▶ [WHAT IS EXPECTED]
Would you retype the listing below word for word, without any of its pictures?

▶ [SUPPLIED INFORMATION]
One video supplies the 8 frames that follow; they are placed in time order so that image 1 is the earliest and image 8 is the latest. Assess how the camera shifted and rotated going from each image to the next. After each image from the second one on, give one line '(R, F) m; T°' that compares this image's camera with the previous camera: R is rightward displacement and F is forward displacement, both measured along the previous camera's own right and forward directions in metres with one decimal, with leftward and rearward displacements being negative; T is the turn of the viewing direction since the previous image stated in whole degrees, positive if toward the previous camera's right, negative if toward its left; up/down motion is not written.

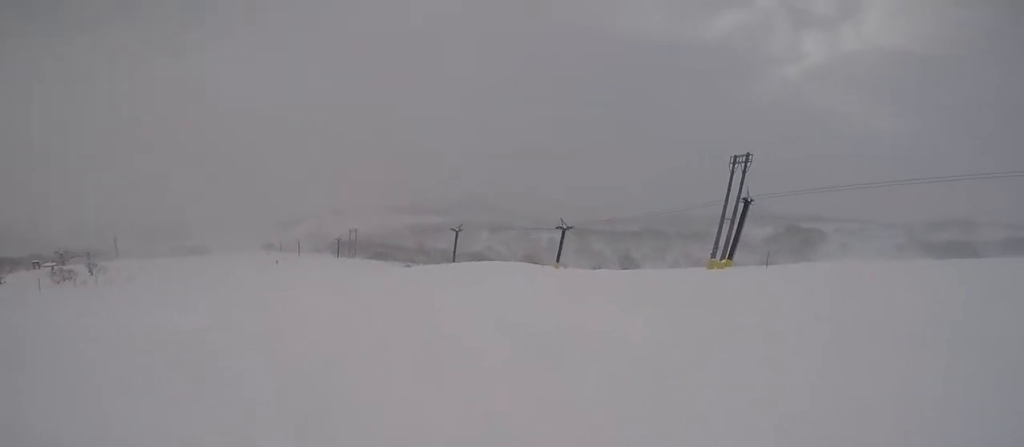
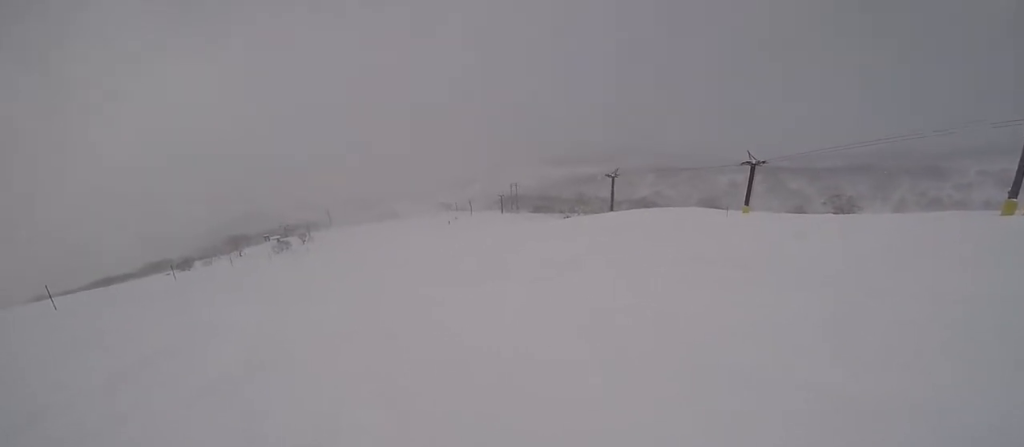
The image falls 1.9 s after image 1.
(-0.6, +6.7) m; -26°
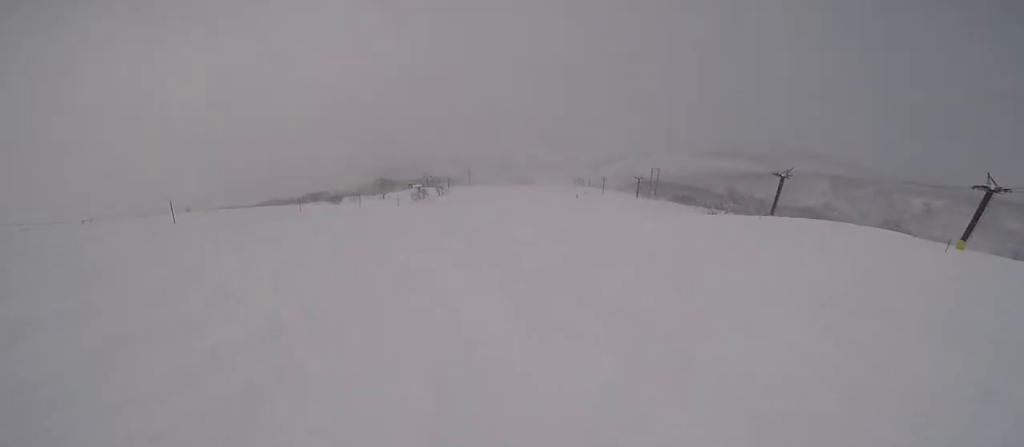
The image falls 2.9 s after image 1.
(-0.2, +3.6) m; -29°
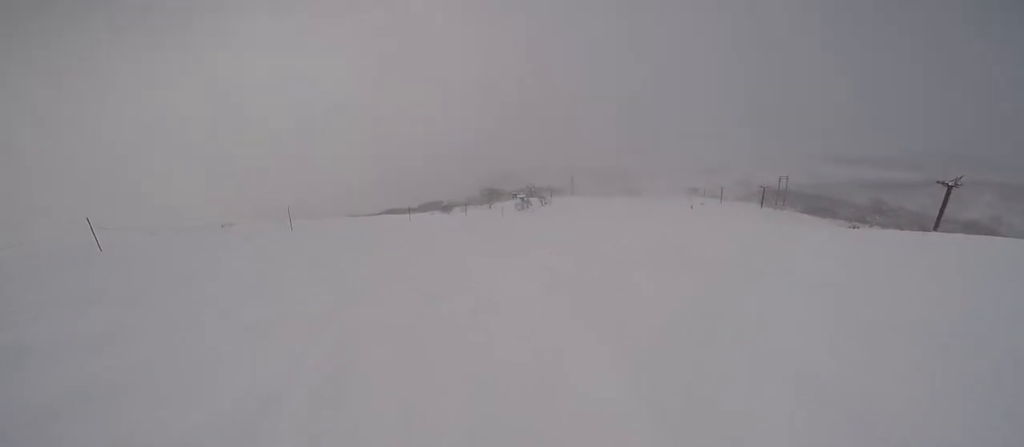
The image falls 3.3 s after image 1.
(-1.1, +1.4) m; -8°
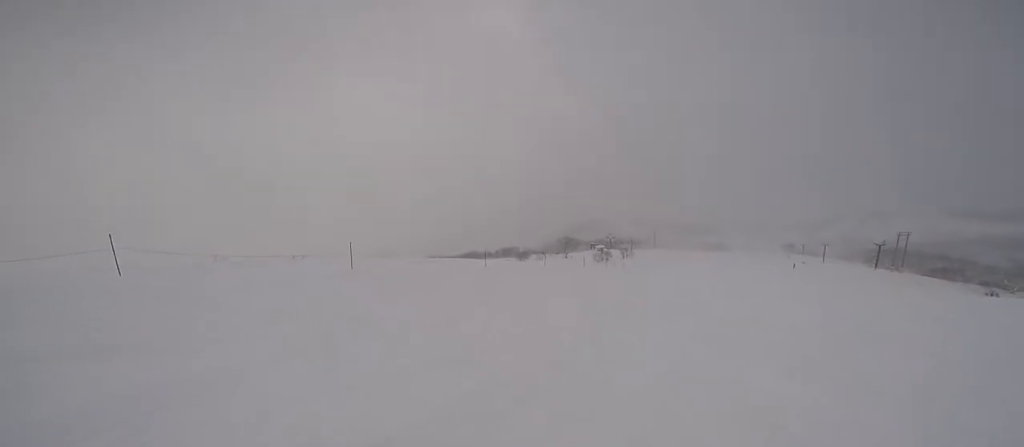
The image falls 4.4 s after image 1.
(+0.3, +4.4) m; +23°
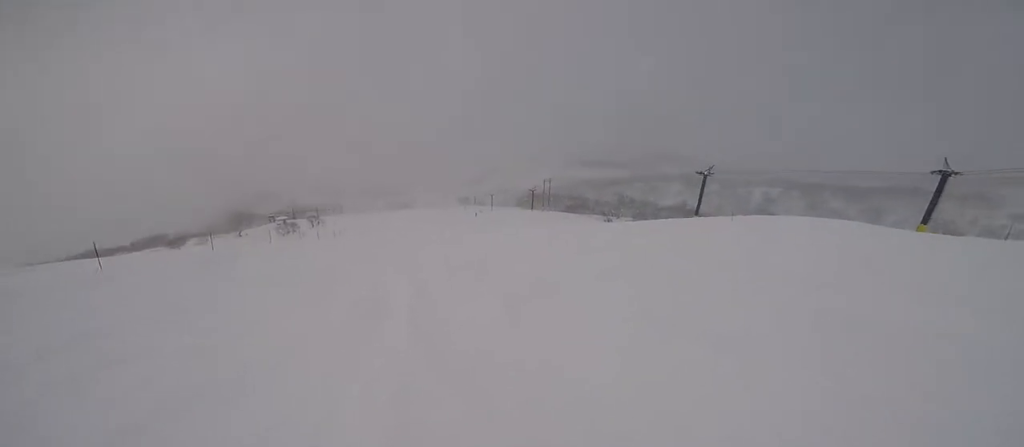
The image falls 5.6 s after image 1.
(+1.8, +5.2) m; +33°
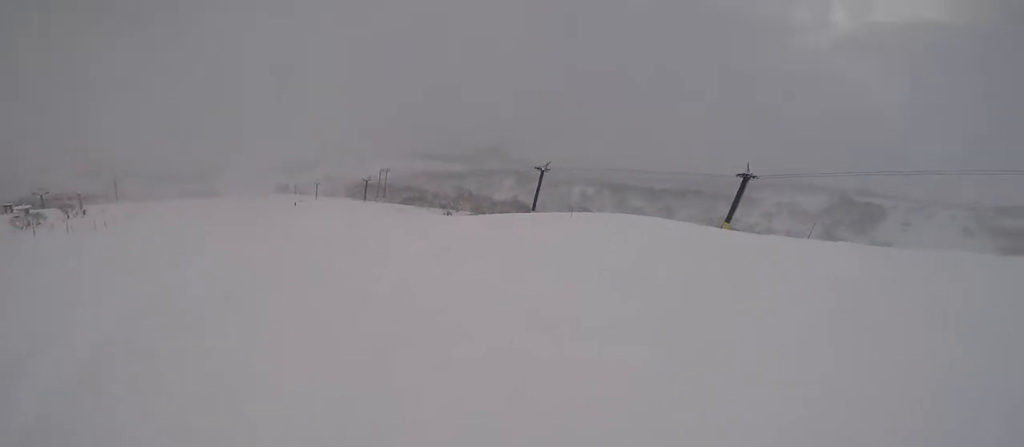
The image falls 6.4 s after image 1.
(+0.5, +3.4) m; +8°
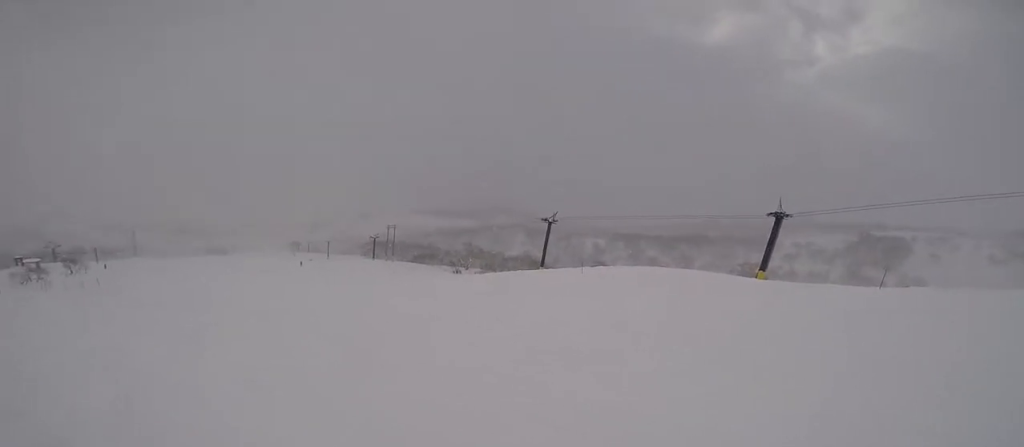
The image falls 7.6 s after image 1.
(+0.3, +4.9) m; +1°

▶ [SOLUTION]
One video supplies the 8 frames that follow; they are placed in time order so that image 1 is the earliest and image 8 is the latest. Assess how the camera shifted and rotated going from each image to the next. After each image from the second one on, give one line '(R, F) m; T°' that compares this image's camera with the previous camera: R is rightward displacement and F is forward displacement, both measured along the previous camera's own right and forward directions in metres with one decimal, with leftward and rearward displacements being negative; T is the turn of the viewing direction since the previous image stated in whole degrees, positive if toward the previous camera's right, negative if toward its left; up/down motion is not written.

The image falls 1.9 s after image 1.
(-0.6, +6.7) m; -26°
The image falls 2.9 s after image 1.
(-0.2, +3.6) m; -29°
The image falls 3.3 s after image 1.
(-1.1, +1.4) m; -8°
The image falls 4.4 s after image 1.
(+0.3, +4.4) m; +23°
The image falls 5.6 s after image 1.
(+1.8, +5.2) m; +33°
The image falls 6.4 s after image 1.
(+0.5, +3.4) m; +8°
The image falls 7.6 s after image 1.
(+0.3, +4.9) m; +1°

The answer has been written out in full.